Many of the comparative methods require a ultrametric tree. Different methods making different assumptions about how the tree may be parameterized with respect to branching times. To estimate divergence times in R you need the ape package. In each of the following examples you will need a rooted tree with branch lengths. Likewise, your tree will need to be dichotomous (i.e., with no polytomies), therefore it might need a little massaging. See the page on Tree & Data manipulation. There are also many other programs available that estimate divergence times (e.g., PAUP*, paml, BEAST, r8smultidivtime, PATHd8).

## How do I estimate divergence times using nonparametric rate smoothing (NPRS)

The first step for each of these methods is to load the functions from the **ape** package:

library(ape)

next, you will want to read in your rooted tree with branch lengths equal or proportional to number of base pair substitutions with the **read.tree** command:

mytree <- read.tree(file="PATH_TO_FILE")

or

mytree <- read.nexus(file="PATH_TO_FILE")

depending on how your tree is formatted. The variable *mytree* is now an object of class *phylo*. This tree can be used with all of the following examples. The first is to transform your branch lengths using nonparametric rate smoothing (NPRS; see Sanderson, 1997). This is achieved by issuing the command:

chronotree <- chronogram(mytree)

This command takes three additional subcommand:

scale-- This assigns a age to the root of the tree.

expo-- This defines the exponent of the exponential function.

minEdgeLength-- Minimum edge length in the phylogram (default value: 1e-06). If any branches in the tree are shorter then this value, then they will be assigned it.

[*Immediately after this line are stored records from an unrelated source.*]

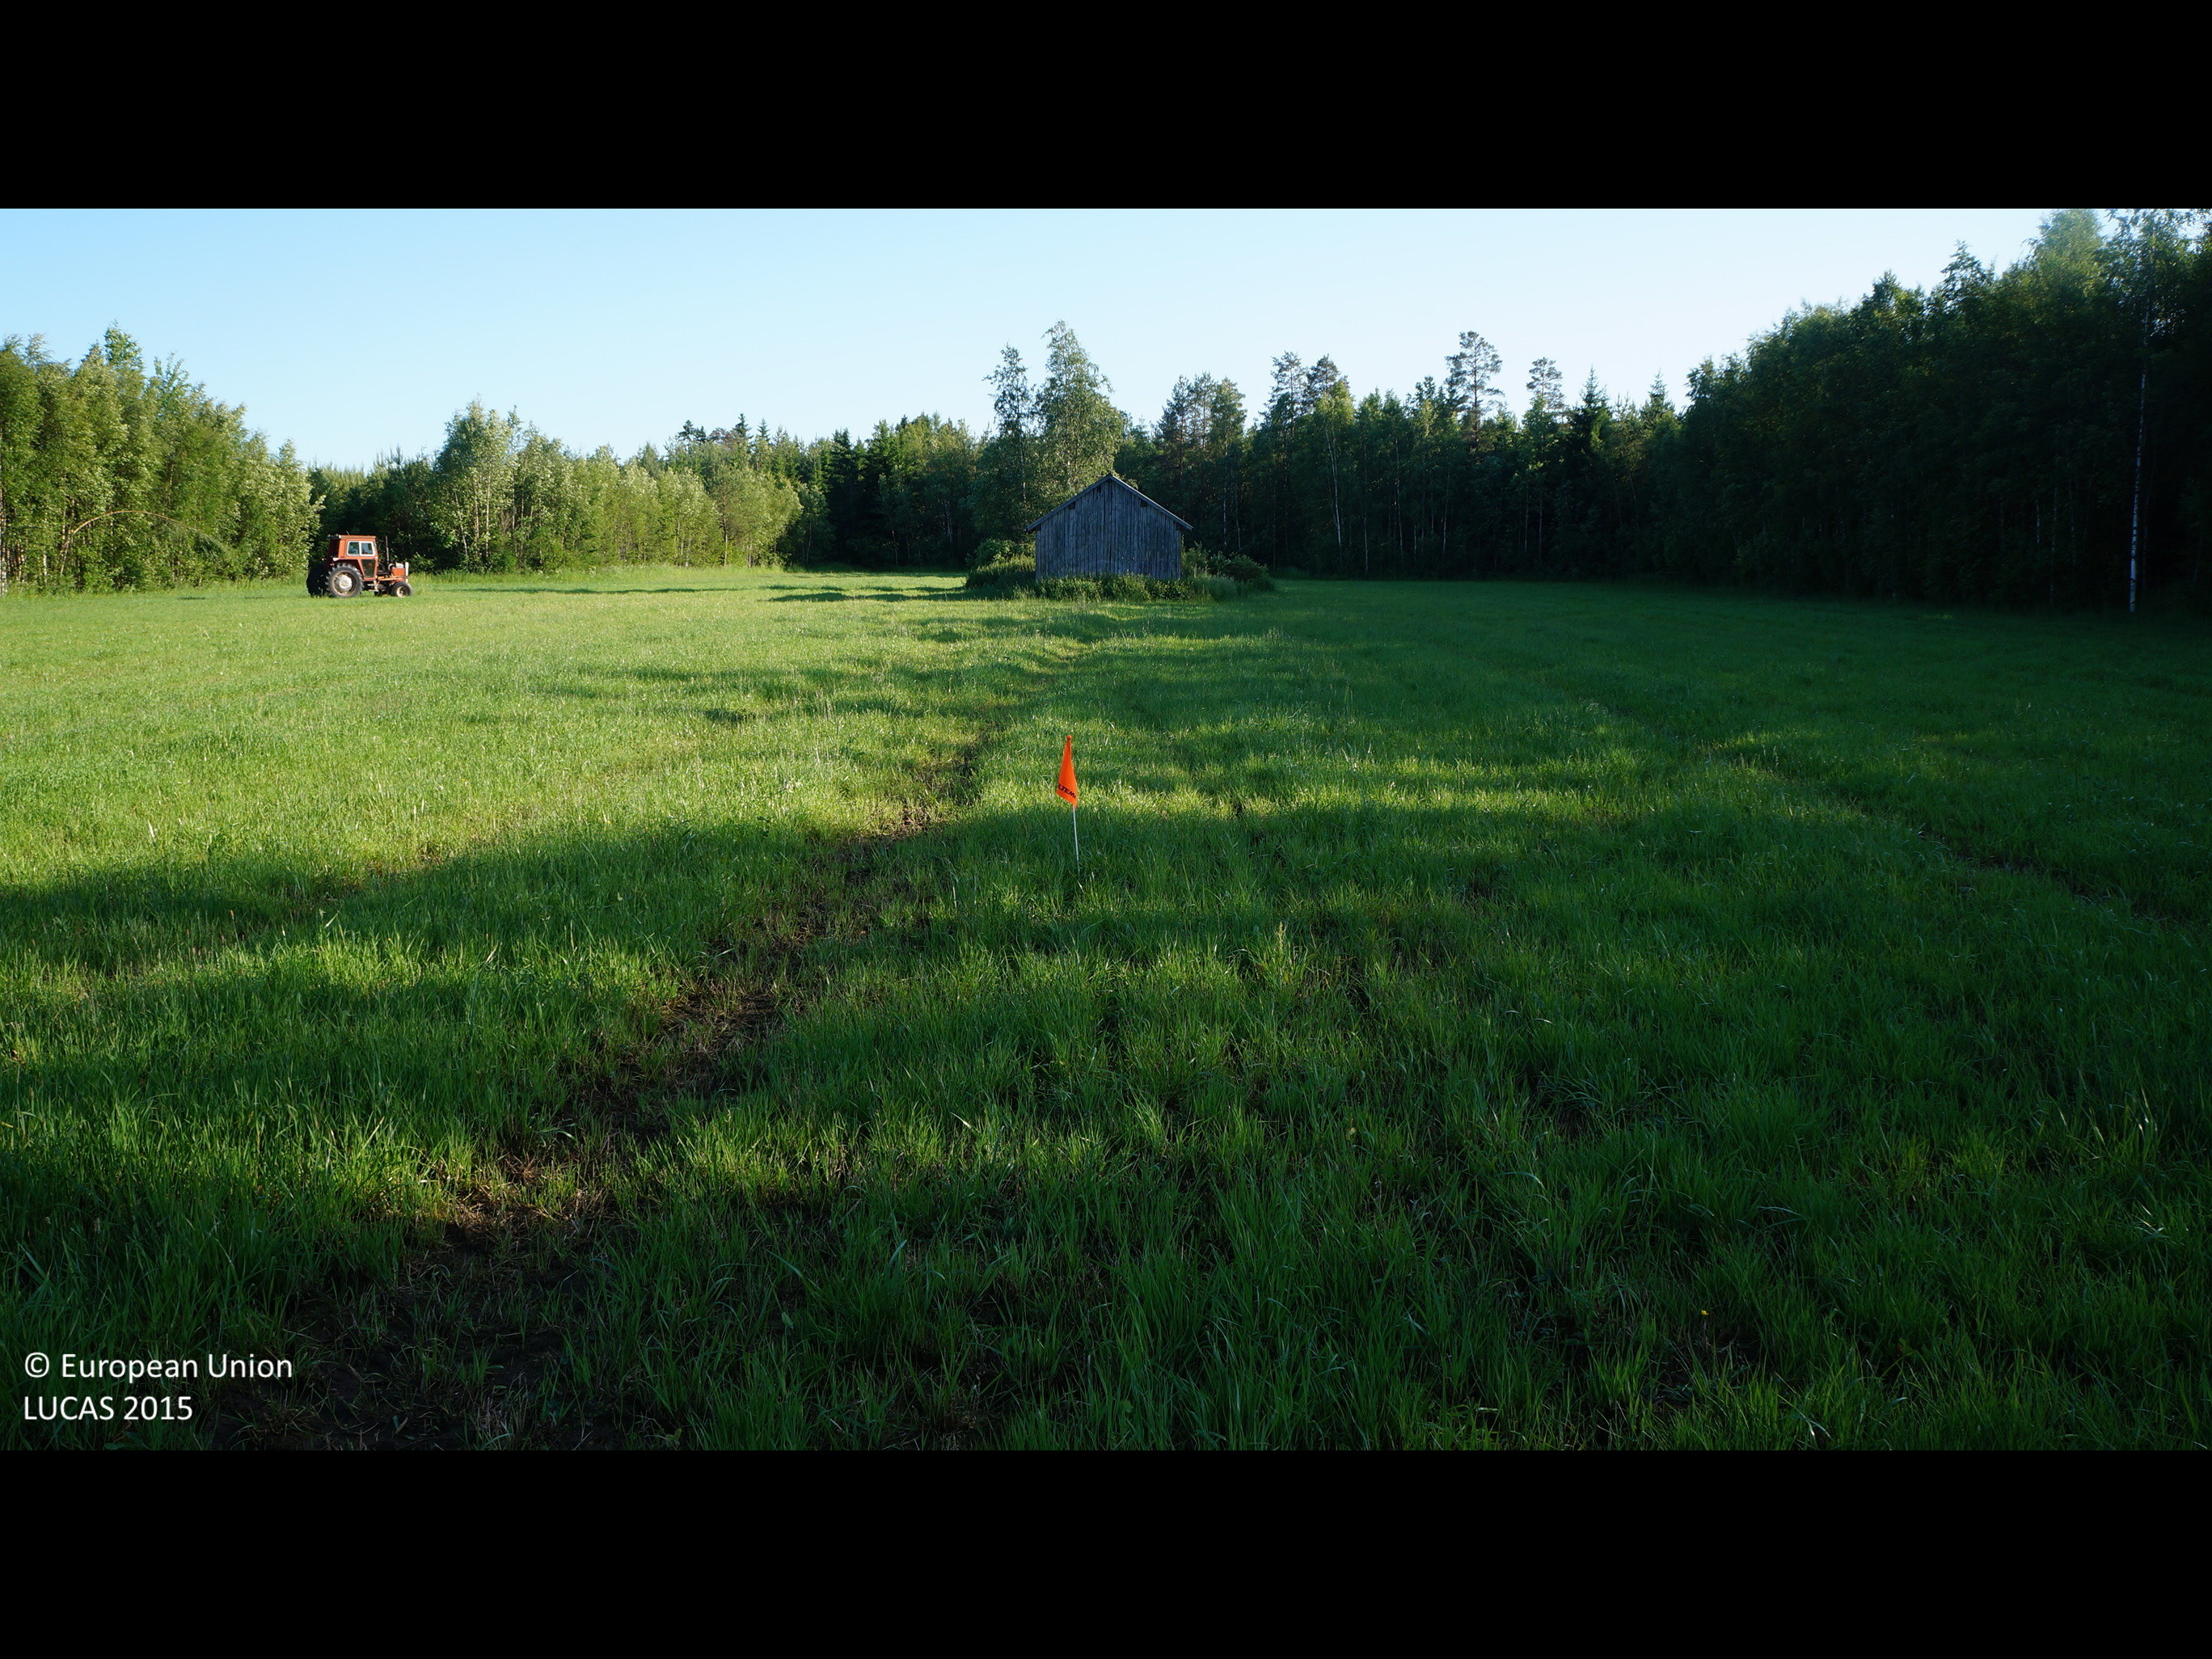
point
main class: Cropland
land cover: Temporary grasslands
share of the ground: 50 - 75 %
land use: Agriculture (excluding fallow land and kitchen gardens)
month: July
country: FI
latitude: 63.6511
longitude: 22.8745

It is then possible to view the tree by passing the **chronogram** argument to the **plot** function:

plot(chronogram(mytree))

Likewise, you can save the tree to file by passing the **chronogram** argument to the **write.tree** function:

write.tree(chronogram(mytree), file="/Users/cbell/tree")

where "/Users/cbell/tree" is the path to where I want the file to be saved.

## How do I estimate divergence times using penalized likelihood (PL)

This next function estimates the node ages of a tree using a semi-parametric method based on penalized likelihood (Sanderson 2002).

chronopl(phy, lambda, node.age = 1, node = "root", CV = FALSE)

The branch lengths of the input tree are interpreted as (mean) numbers of substitutions where 'phy' is an object of class "phylo." lambda equals a value of the smoothing parameter; node.age is a numeric values specifying the fixed node ages; 'node' is the numbers of the nodes whose ages are given by node.age; "root" is a short-cut for the number of the node; and 'CV' is whether to perform cross-validation (see Sanderson, 2002). One thing to keep in mind, however, is that the likelihood function is calculated based on a Poisson approximation using the number of substitutions observed to perform the calculations. This is not a problem if parsimony was used to calculate branch lengths, where the branch length represents the inferred number of changes that occurred along any given branch. If maximum likelihood was used to infer branch lengths, the values are in expected substitutions per site. In the program r8s, the user provides the number of sites used to infer the branch lengths to convert branch lengths to the observed number of substitutions. In ape, there is no such conversion/option. The user my want to convert there user tree branch lengths to observed number of substitutions by issuing the following commands in R:

x <- mytree$edge.length for (i in x) y<-x*7999 mytree$edge.length <-y

In the example above, 'mytree' is the tree with branch lengths (edge.length) I read into R. I then converted the branch lengths by a factor of 7999 (the number of sites used in the original dataset to calculate the branch lengths).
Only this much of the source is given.